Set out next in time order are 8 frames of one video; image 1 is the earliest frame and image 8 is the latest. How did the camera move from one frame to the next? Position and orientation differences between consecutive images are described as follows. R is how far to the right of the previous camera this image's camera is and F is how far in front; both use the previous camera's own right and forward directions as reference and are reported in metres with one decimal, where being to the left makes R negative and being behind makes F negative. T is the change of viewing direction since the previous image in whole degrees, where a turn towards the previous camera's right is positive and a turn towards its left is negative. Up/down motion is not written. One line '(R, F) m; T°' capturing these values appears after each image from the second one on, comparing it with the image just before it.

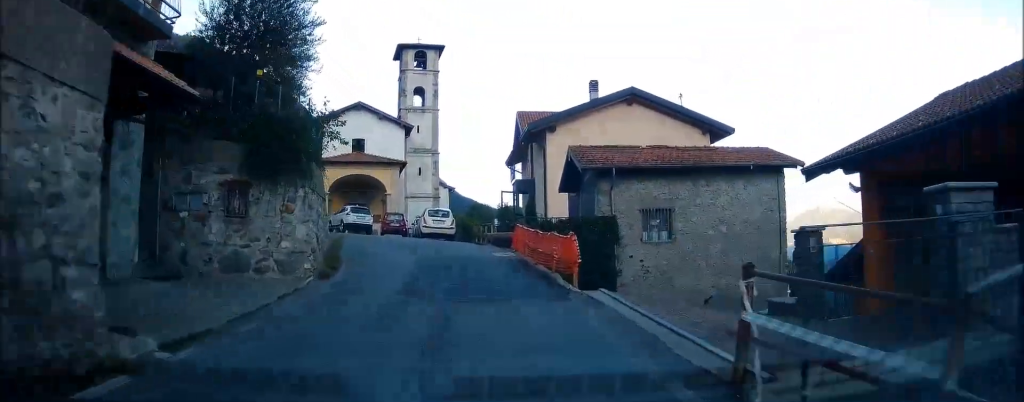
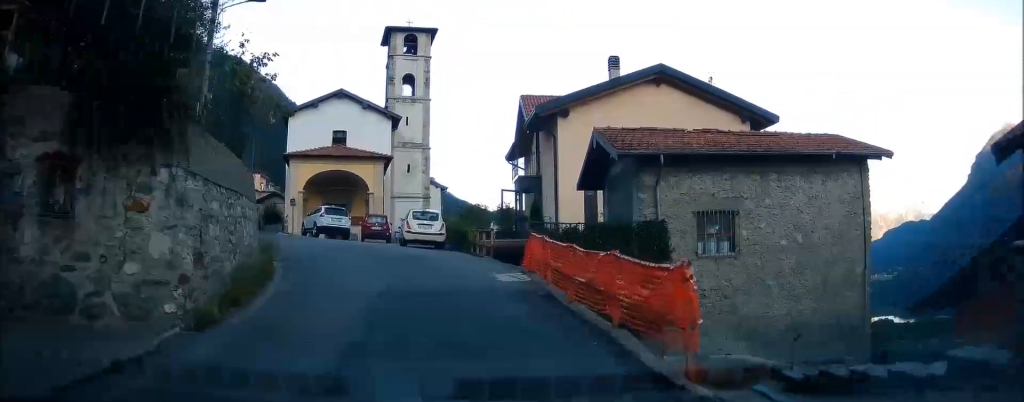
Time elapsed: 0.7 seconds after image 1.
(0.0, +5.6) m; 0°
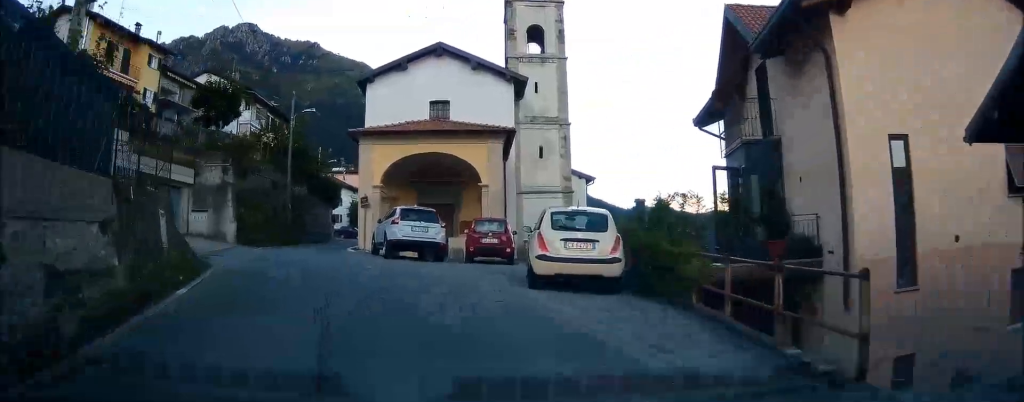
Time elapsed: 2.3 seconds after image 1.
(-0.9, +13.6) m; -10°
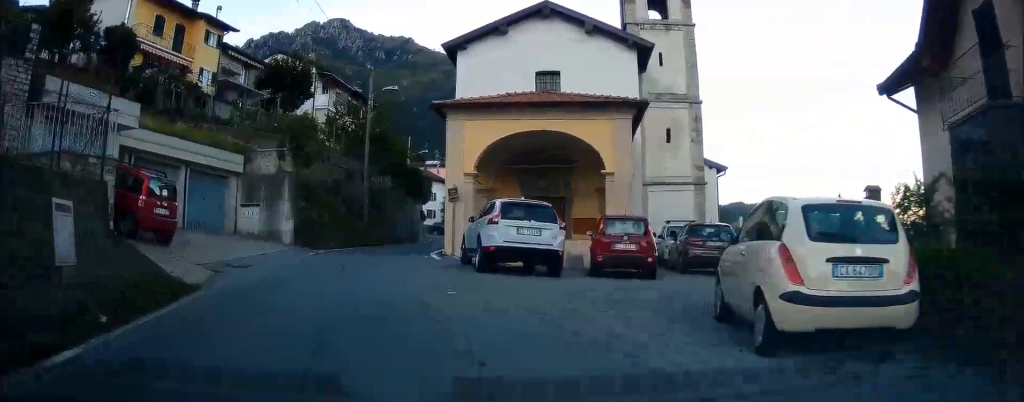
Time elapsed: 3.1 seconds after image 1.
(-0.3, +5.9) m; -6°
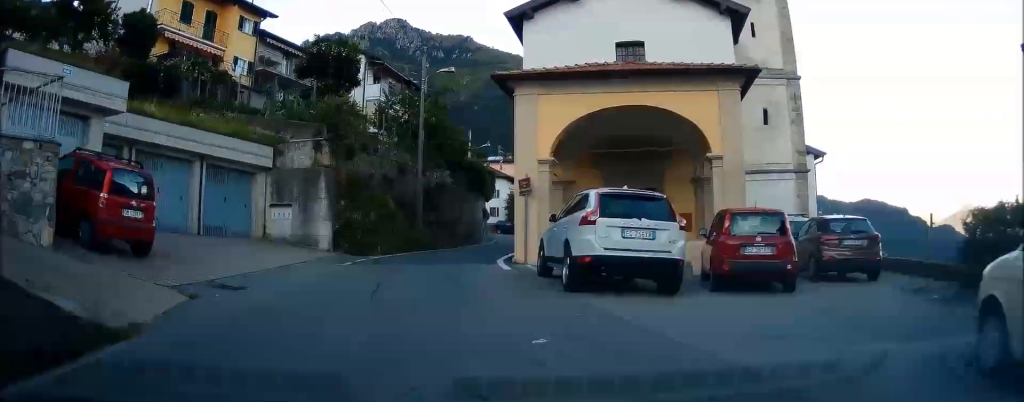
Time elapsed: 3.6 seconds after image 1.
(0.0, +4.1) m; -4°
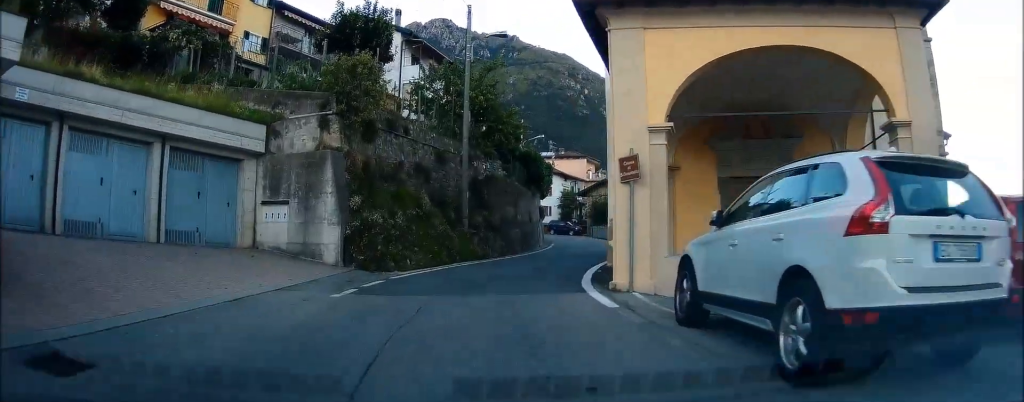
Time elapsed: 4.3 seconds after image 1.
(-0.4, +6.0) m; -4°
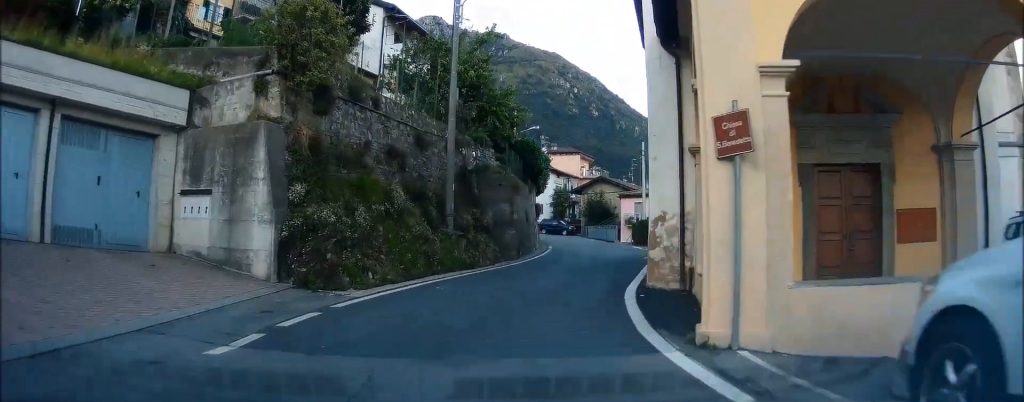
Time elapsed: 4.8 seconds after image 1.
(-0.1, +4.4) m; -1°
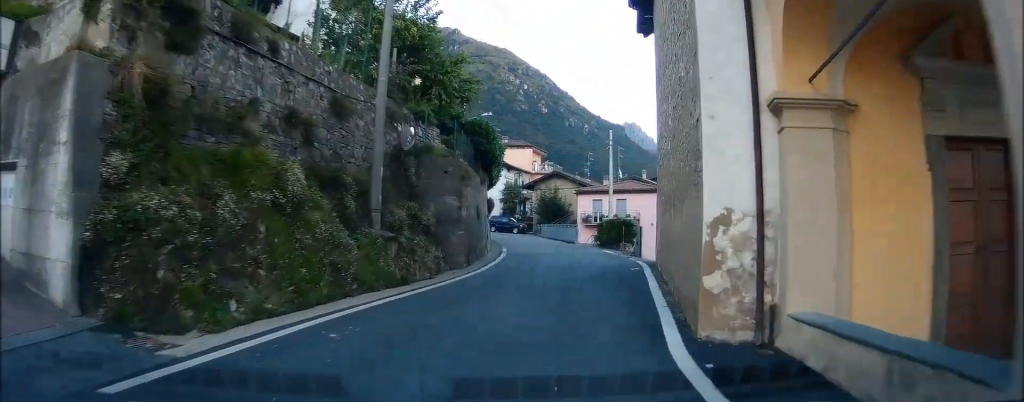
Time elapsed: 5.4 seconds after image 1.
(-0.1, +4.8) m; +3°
=-=-=-=-=
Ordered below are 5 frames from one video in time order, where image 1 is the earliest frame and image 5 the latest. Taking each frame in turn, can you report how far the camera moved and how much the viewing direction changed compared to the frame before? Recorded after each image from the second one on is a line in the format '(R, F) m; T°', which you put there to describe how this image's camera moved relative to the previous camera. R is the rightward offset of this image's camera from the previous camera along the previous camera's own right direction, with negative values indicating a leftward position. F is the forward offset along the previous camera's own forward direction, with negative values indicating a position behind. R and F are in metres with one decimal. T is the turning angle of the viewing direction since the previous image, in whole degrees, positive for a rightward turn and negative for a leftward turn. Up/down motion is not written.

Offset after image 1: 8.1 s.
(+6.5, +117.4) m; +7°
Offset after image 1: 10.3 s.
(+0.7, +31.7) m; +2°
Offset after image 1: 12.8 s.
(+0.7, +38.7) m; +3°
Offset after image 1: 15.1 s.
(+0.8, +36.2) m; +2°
=-=-=-=-=
Show each line of the material holding "whole".

Set out next in time order are 8 frames of one video; image 1 is the earliest frame and image 8 is the latest. How did the camera move from one frame to the next? Position and orientation differences between consecutive images are described as follows. R is how far to the right of the previous camera this image's camera is and F is how far in front; both use the previous camera's own right and forward directions as reference and are reported in metres with one decimal, where being to the left makes R negative and being behind makes F negative. T is the change of viewing direction since the previous image in whole degrees, where a turn towards the previous camera's right is positive and a turn towards its left is negative. Up/down motion is not written. One line '(R, F) m; T°' capturing these values appears after each image from the second one on, comparing it with the image just before it.
Ordered below are 5 frames from one video in time order, where image 1 is the earliest frame and image 5 the latest. Taking each frame in turn, can you report how far the camera moved and how much the viewing direction changed compared to the frame before? Recorded after each image from the second one on is a line in the format '(R, F) m; T°', which you put there to describe how this image's camera moved relative to the previous camera. R is the rightward offset of this image's camera from the previous camera along the previous camera's own right direction, with negative values indicating a leftward position. F is the forward offset along the previous camera's own forward direction, with negative values indicating a position behind. R and F are in metres with one decimal. T is the turning angle of the viewing direction since the previous image, in whole degrees, positive for a rightward turn and negative for a leftward turn. Up/down motion is not written.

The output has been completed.